- Born: Michael McCarville June 29, 1981 (age 45) Thunder Bay, Ontario

Team
- Curling club: Fort William CC, Thunder Bay, ON
- Skip: Trevor Bonot
- Third: Mike McCarville
- Second: Jordan Potts
- Lead: Kurtis Byrd
- Alternate: Al Hackner

Curling career
- Member Association: Northern Ontario
- Brier appearances: 2 (2014, 2024)
- Other appearances: CJCC: 2 (1999, 2000) CMCC: 3 (2005, 2008, 2019)
- Top CTRS ranking: 27th (2013–14)

= Mike McCarville =

Canadian curler

Mike Jeffrey McCarville is a Canadian curler from Thunder Bay, Ontario. He currently plays third on Team Trevor Bonot.

==Career==
McCarville played lead for Team Northern Ontario, skipped by Joe Scharf, at the Canadian Junior Curling Championships in 1999 and 2000, finishing with a 7–5 record and missing playoffs both times.
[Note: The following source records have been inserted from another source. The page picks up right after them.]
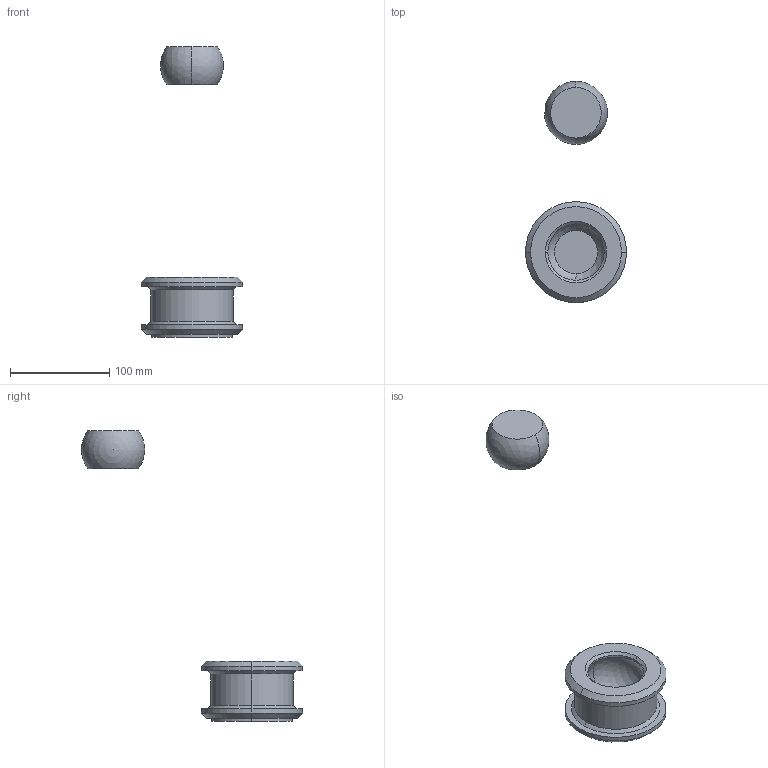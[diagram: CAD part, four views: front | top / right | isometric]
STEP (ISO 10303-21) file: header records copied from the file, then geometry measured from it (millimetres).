
FILE_DESCRIPTION (( 'STEP AP203' ), '1' );
FILE_NAME ('RearFrame_Hardware.STEP', '2023-07-27T05:57:02', ( '' ), ( '' ), 'SwSTEP 2.0', 'SolidWorks 2021', '' );
FILE_SCHEMA (( 'CONFIG_CONTROL_DESIGN' ));
Length unit declared in the file: centimetre
Products named in the file (5): Part 14-6; Part 16-4; RearFrame_Hardware; Part 15-5; Rear Chassis _1_
Assembly tree (4 placements, depth 3):
  RearFrame_Hardware
    Rear Chassis _1_
      Part 16-4
      Part 14-6
      Part 15-5
Bounding box: 101.61 x 222.25 x 292.11 mm (x, y, z)
Volume: 347722.9 mm3; surface area: 69918.6 mm2
Topology: 3 solids, 3 shells, 39 faces, 84 edges, 52 vertices
Faces by surface type: cylinder 14, plane 11, cone 10, sphere 4
Entity records: 1525 total; most frequent: DIRECTION 218, CARTESIAN_POINT 167, ORIENTED_EDGE 148, AXIS2_PLACEMENT_3D 97, EDGE_CURVE 74, CIRCLE 50, VERTEX_POINT 46, EDGE_LOOP 44

In 2014, he won the Northern Ontario Men's Provincials as the third for Jeff Currie, qualifying for the 2014 Tim Hortons Brier. There, the team finished with a 2–9 record. On the World Curling Tour, McCarville has won the 2013 Bernick's Miller Lite Open.
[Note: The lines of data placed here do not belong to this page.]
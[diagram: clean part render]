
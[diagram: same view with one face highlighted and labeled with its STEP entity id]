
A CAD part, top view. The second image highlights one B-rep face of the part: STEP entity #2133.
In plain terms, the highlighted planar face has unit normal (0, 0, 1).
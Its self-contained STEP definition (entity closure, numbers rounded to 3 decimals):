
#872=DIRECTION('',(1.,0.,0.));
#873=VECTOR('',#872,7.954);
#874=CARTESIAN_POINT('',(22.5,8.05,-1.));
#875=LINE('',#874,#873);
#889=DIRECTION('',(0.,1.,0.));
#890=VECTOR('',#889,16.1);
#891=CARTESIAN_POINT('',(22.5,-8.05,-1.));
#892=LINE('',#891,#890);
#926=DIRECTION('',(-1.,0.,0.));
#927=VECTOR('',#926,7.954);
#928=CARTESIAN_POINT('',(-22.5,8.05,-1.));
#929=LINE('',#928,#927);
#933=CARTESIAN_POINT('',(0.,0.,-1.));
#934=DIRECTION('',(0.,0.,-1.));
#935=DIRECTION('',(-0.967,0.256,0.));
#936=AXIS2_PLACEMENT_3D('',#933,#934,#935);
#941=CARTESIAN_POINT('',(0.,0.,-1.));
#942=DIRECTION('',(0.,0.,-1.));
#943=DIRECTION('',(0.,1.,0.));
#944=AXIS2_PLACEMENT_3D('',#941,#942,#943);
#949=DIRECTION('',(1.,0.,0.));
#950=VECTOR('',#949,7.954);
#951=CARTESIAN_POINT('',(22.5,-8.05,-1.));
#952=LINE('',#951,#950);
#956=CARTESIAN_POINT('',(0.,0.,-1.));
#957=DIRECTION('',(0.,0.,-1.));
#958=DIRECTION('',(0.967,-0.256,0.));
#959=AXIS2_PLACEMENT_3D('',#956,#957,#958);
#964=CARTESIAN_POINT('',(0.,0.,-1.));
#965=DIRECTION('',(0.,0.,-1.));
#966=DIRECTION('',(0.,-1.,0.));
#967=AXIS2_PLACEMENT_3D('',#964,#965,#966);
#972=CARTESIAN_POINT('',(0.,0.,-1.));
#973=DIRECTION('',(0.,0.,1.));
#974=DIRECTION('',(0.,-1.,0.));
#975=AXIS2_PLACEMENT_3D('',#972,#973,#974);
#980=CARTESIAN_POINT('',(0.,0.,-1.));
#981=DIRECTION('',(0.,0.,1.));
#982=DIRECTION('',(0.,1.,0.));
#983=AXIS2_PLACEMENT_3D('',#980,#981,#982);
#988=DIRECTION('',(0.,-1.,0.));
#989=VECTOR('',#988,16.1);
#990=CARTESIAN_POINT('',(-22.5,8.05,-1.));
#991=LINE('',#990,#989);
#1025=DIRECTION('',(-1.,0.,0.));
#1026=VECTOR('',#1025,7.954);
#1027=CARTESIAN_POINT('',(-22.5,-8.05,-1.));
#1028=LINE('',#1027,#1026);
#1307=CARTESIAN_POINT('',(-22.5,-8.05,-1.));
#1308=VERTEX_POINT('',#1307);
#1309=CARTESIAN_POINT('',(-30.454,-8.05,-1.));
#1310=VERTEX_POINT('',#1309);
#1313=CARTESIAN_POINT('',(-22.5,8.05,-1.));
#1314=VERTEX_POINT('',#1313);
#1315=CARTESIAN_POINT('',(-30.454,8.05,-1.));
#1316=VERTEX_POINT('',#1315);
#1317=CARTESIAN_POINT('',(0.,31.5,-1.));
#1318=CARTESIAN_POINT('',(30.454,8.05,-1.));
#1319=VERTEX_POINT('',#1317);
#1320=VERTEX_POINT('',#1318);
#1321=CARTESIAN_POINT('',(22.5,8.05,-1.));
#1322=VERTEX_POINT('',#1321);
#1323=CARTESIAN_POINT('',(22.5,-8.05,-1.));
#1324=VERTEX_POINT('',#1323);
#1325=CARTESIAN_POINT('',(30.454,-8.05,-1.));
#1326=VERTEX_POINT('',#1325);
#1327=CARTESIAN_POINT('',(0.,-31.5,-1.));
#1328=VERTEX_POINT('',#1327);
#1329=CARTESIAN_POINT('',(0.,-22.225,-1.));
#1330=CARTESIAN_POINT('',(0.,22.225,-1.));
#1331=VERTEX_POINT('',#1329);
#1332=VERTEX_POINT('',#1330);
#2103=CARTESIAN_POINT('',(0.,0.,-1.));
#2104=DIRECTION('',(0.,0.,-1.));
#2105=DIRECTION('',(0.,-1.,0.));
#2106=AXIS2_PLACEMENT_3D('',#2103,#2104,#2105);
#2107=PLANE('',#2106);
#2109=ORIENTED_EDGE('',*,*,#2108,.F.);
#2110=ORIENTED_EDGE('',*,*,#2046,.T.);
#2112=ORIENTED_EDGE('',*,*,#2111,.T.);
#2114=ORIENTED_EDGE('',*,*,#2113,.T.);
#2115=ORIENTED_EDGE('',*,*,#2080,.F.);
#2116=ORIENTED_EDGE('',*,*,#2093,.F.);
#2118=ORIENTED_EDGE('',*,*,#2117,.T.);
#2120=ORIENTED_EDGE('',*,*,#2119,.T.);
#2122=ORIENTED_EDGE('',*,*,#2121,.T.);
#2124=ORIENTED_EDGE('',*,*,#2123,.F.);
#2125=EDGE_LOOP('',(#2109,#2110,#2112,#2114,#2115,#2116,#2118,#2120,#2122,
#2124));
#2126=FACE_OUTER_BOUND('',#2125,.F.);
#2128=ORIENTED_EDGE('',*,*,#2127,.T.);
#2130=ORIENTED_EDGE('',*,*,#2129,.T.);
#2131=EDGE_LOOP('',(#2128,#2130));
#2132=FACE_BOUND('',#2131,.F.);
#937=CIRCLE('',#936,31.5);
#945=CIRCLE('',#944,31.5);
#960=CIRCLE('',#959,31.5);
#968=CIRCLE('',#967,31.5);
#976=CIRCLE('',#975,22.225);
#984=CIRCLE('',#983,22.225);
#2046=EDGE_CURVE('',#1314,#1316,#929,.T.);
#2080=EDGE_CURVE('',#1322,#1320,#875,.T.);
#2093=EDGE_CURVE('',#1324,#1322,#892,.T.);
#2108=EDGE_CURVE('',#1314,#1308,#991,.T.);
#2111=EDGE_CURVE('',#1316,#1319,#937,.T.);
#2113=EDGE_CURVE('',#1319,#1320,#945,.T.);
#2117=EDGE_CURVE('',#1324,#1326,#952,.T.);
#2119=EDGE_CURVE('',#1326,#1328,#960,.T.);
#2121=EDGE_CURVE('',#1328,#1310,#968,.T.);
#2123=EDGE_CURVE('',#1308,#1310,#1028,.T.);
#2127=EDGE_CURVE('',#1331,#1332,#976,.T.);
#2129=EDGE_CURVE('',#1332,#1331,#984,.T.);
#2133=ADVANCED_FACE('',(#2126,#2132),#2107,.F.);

McCarville has represented Northern Ontario in three Canadian Mixed Curling Championships, playing second each time. In 2005, his team, skipped by Joe Scharf, finished with a 5–6 record and out of playoffs. In 2008, he played for skip Mike Assad, finishing with a 6–5 record and out of playoffs. In 2019, he played for Trevor Bonot and finished the round robin with a 3–3 record, failing to advance to the championship pool. They finished the seeding pool with a 5–4 record. McCarville also won a sportsmanship award at the 2019 championship.

==Personal life==
McCarville was married to curler Krista Scharf. They have two children. He is employed as a high school math and biology teacher at St. Ignatius High School. McCarville is of Indigenous descent.